The right level of risk isn’t zero, but I don’t know where MA falls or if different parts of the state fall into different categories.

If we were Georgia lol no, if we were a first world country probably easier (although the Israel example is troubling). Here I don’t know the right answer. I don’t envy anyone involved in the decision making.

I think we should be honest about what remote learning means, at least for this year. Schools still haven’t had time or resources to fund an adequate remote learning plan. Students are going to fall behind, and in ways that exacerbate existing inequality.
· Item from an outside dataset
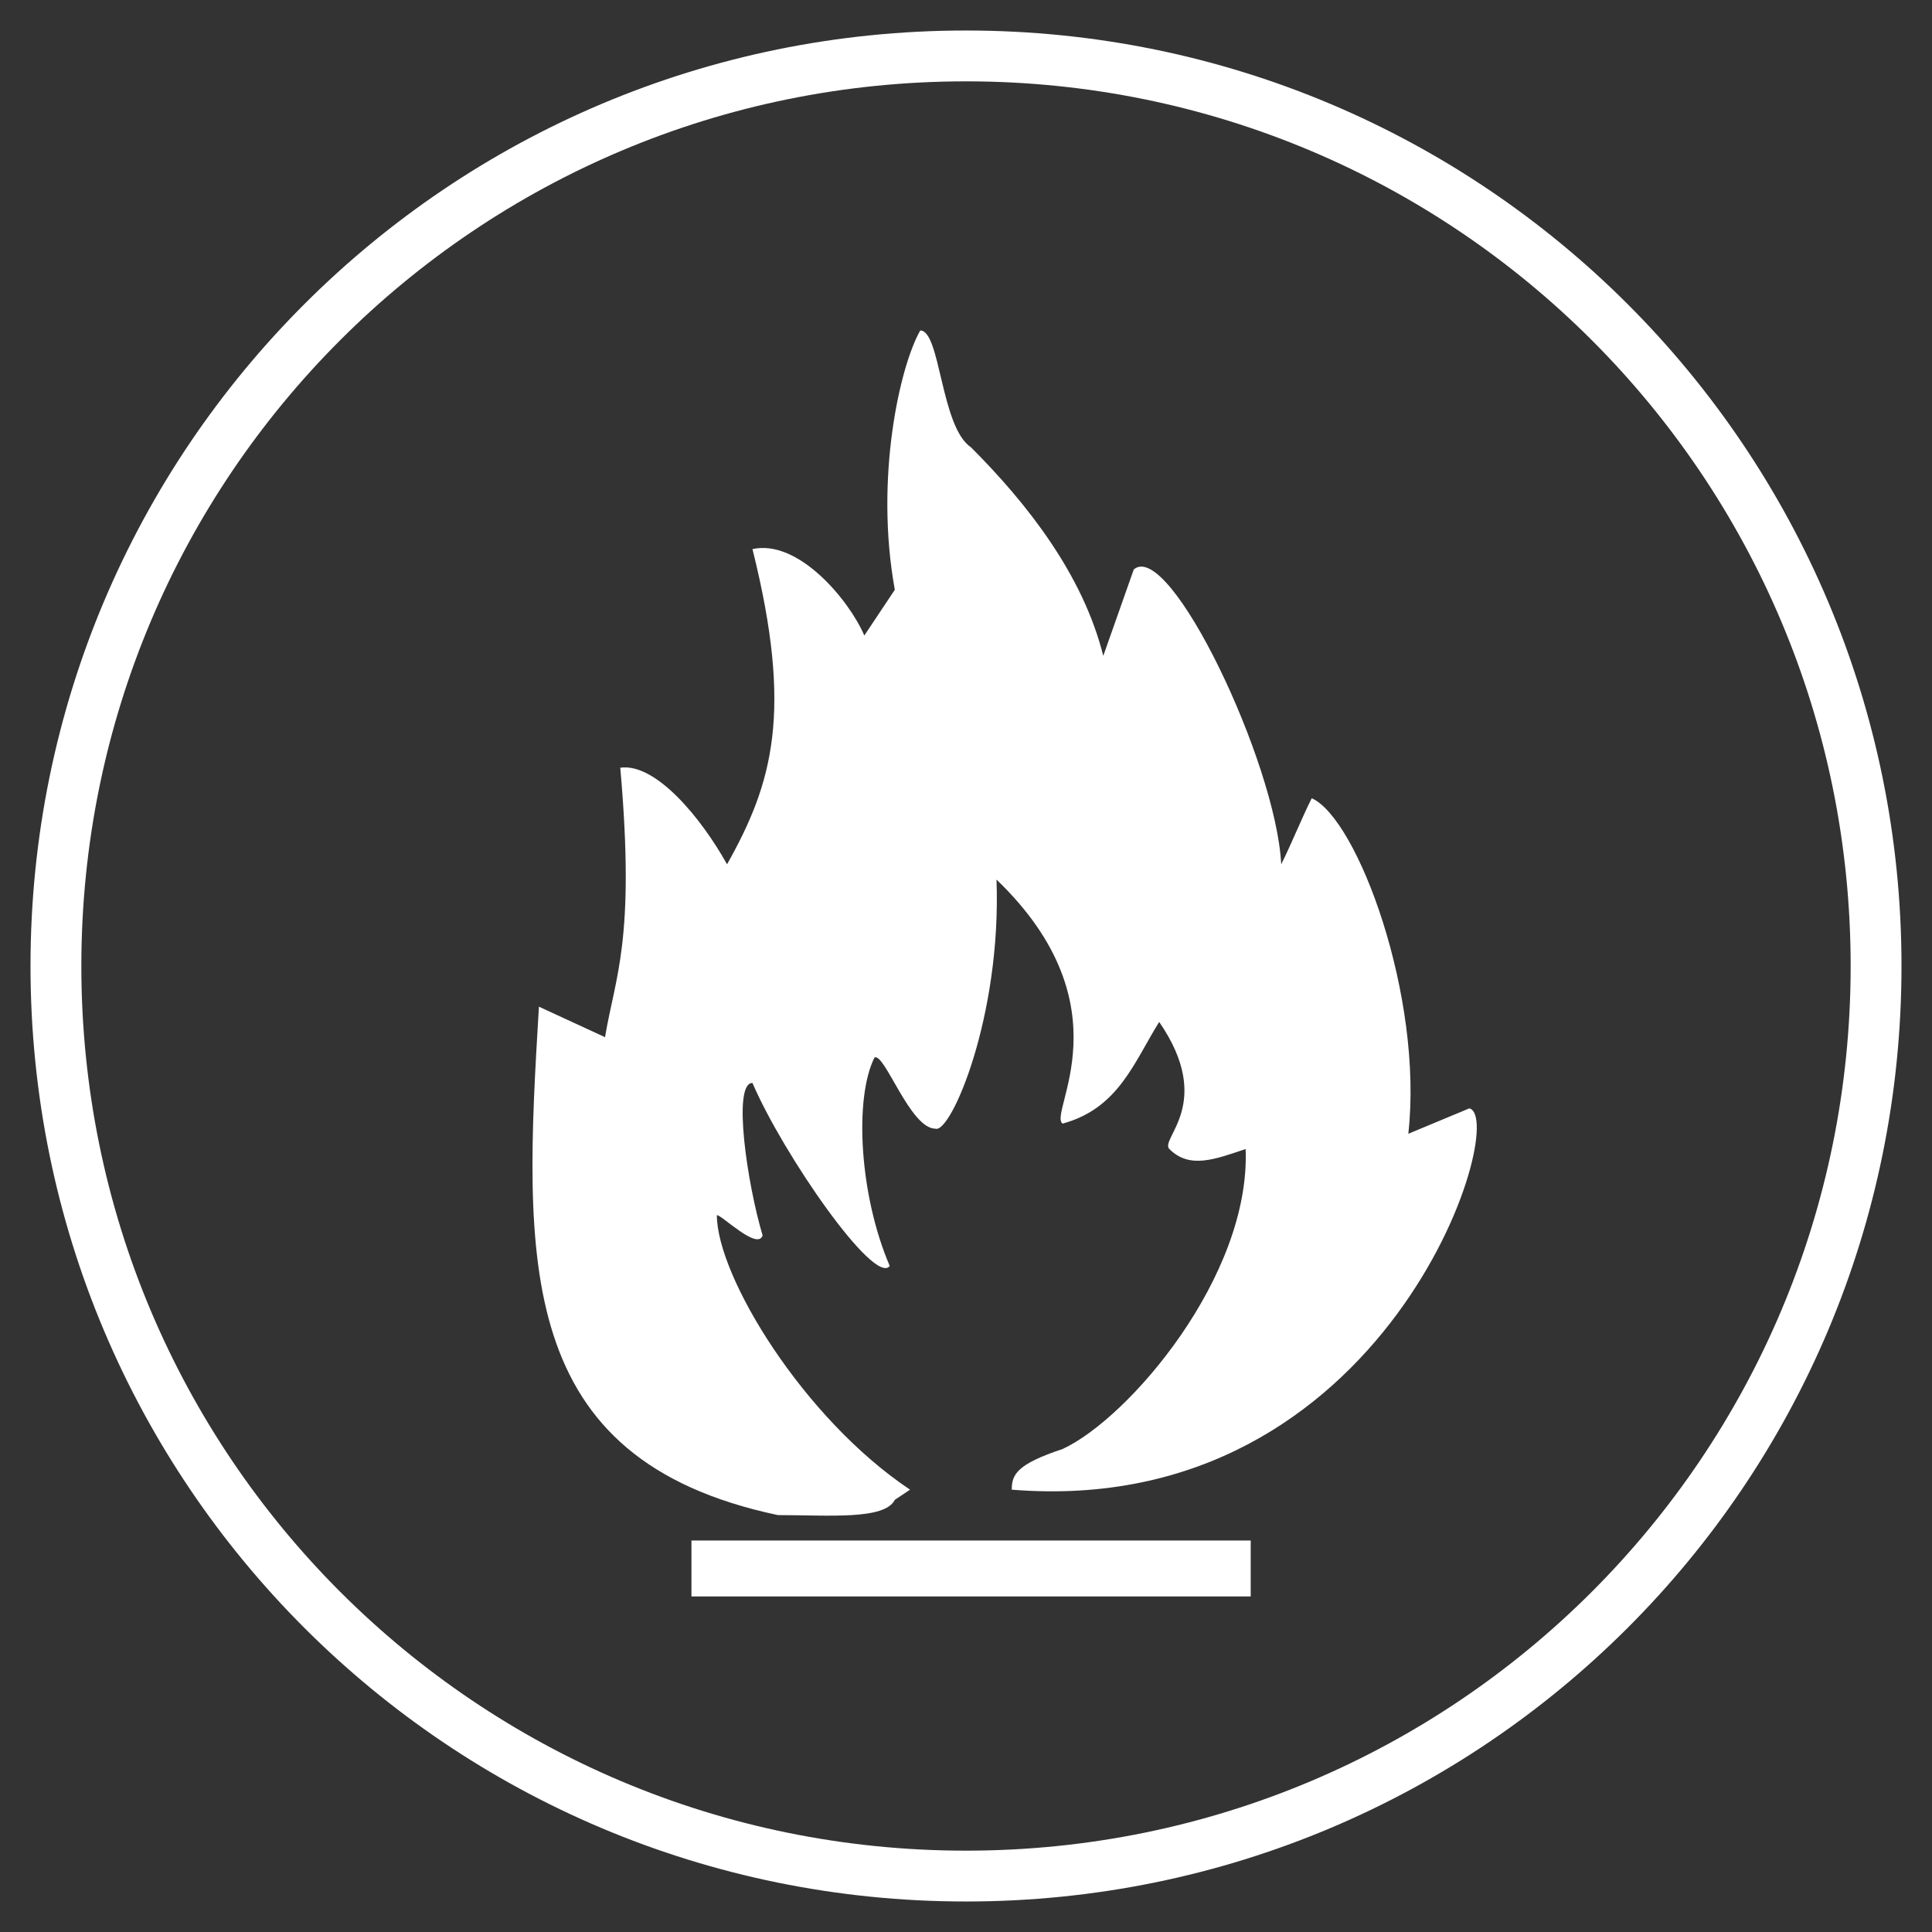<svg xmlns="http://www.w3.org/2000/svg" viewBox="0 0 38 38" xmlns:v="https://vecta.io/nano"><rect x="0" y="0" width="38" height="38" fill="#333333" stroke="none"/><path d="M17.6,29.5c-.2.4-1.3.3-2.3.3-5.2-1.1-5-5-4.7-10l1.3.6c.2-1.2.6-1.9.3-5.3.7-.1,1.6,1,2.1,1.9.9-1.6,1.3-3,.5-6.2.9-.2,1.9,1,2.2,1.7l.6-.9c-.4-2.2.1-4.4.5-5.1.4,0,.4,1.9,1,2.3,1.1,1.1,2.2,2.5,2.6,4.1l.6-1.7c.7-.6,2.8,3.8,2.9,5.8.2-.4.4-.9.6-1.3.9.4,2.2,3.9,1.9,6.6l1.2-.5c.8.2-1.6,8.1-9,7.5,0-.3.1-.5,1-.8,1.3-.6,3.7-3.4,3.6-5.9-.6.2-1.1.4-1.5,0-.2-.2.9-.9-.2-2.5-.5.8-.8,1.7-1.9,2-.3-.2,1.3-2.3-1.3-4.8.1,2.7-.9,5-1.2,4.9-.5,0-1-1.5-1.2-1.4-.4.8-.3,2.7.3,4.1-.3.4-2.1-2.2-2.7-3.6-.4,0-.1,2,.2,3-.1.3-.8-.4-.9-.4,0,1.2,1.7,4,3.8,5.4" fill="#FFF"/><path d="M18.1,21.3c-.4-.8-.8-2.4.4-3.8.3,1,.3,2.6-.4,3.8" fill="#fff"/><path d="M13.6 30.3h11v1.1h-11z" fill="#FFF"/><path d="M19,36.9c9.9,0,17.9-8,17.9-17.9S28.9,1.1,19,1.1,1.1,9.1,1.1,19s8,17.9,17.9,17.9Z" fill="none" stroke="#FFF"/></svg>

What’s coming on the other side of this isn’t more funding for education. The state budget is destroyed and this pandemic isnt close to over. What’s coming on the other side is “do more with less” for an extended time at schools already stretched with funding

So we aren’t going to see kids repeating grades or getting caught up by the schools. We are going to see education as the responsibility of the individual family, catching up as the responsibility of the individual family, and public education reduced (simplifying) by ~the length of the pandemic from where it was pre pandemic or narrowed in scope from where it was pre pandemic (more focus on basics, resources and time cut from extracurriculars)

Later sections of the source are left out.